Thorndike’s law of effect, in animal behaviour and conditioning, the postulate developed by American psychologist Edward L. Thorndike in 1905 that argued that the probability that a particular stimulus will repeatedly elicit a particular learned response depends on the perceived consequences of the response. In addition, new stimulus-response connections are strengthened only if the response is followed by behavioral responses that were most closely followed by a satisfying result.
This concept can be illustrated in an experiment in which a rat presses a lever to receive either a reward or a punishment. A rat whose operation of a lever is followed by the delivery of a food pellet will press the lever again. In contrast, if the only consequence of pressing the lever is the delivery of a painful electrical shock, the rat will not press the lever in the future (which illustrates what has been called the negative law of effect).
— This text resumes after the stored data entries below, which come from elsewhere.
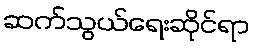
ဆက်သွယ်ရေးဆိုင်ရာ
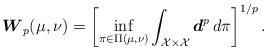
LaTeX: \begin{align*}\boldsymbol{W}_{ p}(\mu, \nu) &= \left[ \inf_{\pi \in \Pi(\mu, \nu)} \int_{\mathcal{X} \times \mathcal{X} } \boldsymbol{d}^p \, d \pi \right]^{1/p}.\end{align*}
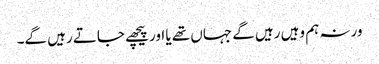
ورنہ ہم وہیں رہیں گے جہاں تھے یا اور پیچھے جاتے رہیں گے۔
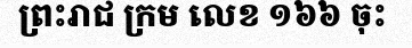
ព្រះរាជ ក្រម លេខ ១៦៦ ចុះ
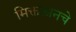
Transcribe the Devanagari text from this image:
मिक्तलानचे
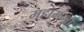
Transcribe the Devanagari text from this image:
महामन्त्रो
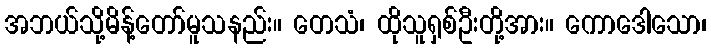
အဘယ်သို့မိန့်တော်မူသနည်း။ တေသံ၊ ထိုသူရှစ်ဦးတို့အား။ ကောဒေါသော၊
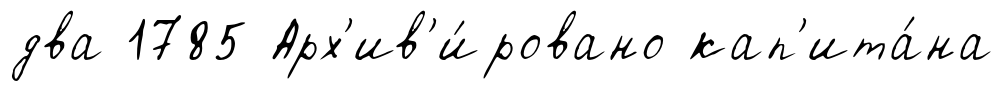
два 1785 Арх'ив'и́ровано кап'ита́на

In another example, Thorndike placed a cat within a box with a lever that, when pressed, would open a door that would allow the cat to escape and obtain food placed outside the box. After the cat discovered the connection between pressing the lever and its escape (and its access to a food reward), for each trial thereafter, the cat became much more adept at pressing the lever and opening the door.
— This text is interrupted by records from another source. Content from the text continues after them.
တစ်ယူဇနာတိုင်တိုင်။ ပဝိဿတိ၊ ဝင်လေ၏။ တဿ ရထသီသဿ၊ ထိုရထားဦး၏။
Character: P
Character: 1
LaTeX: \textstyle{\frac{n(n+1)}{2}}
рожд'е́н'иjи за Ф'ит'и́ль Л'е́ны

Thorndike’s law of effect finds less general acceptance today, largely because it became unclear whether an animal’s responses were sometimes (or even always) modified by their consequences, since other factors could be present. The law did, however, influence the development of behaviourism during the first half of the 20th century—with American psychologist B.F. Skinner building on Thorndike’s law of effect and formalizing the process of operant conditioning, which he understood to be the explanatory basis of human behaviour.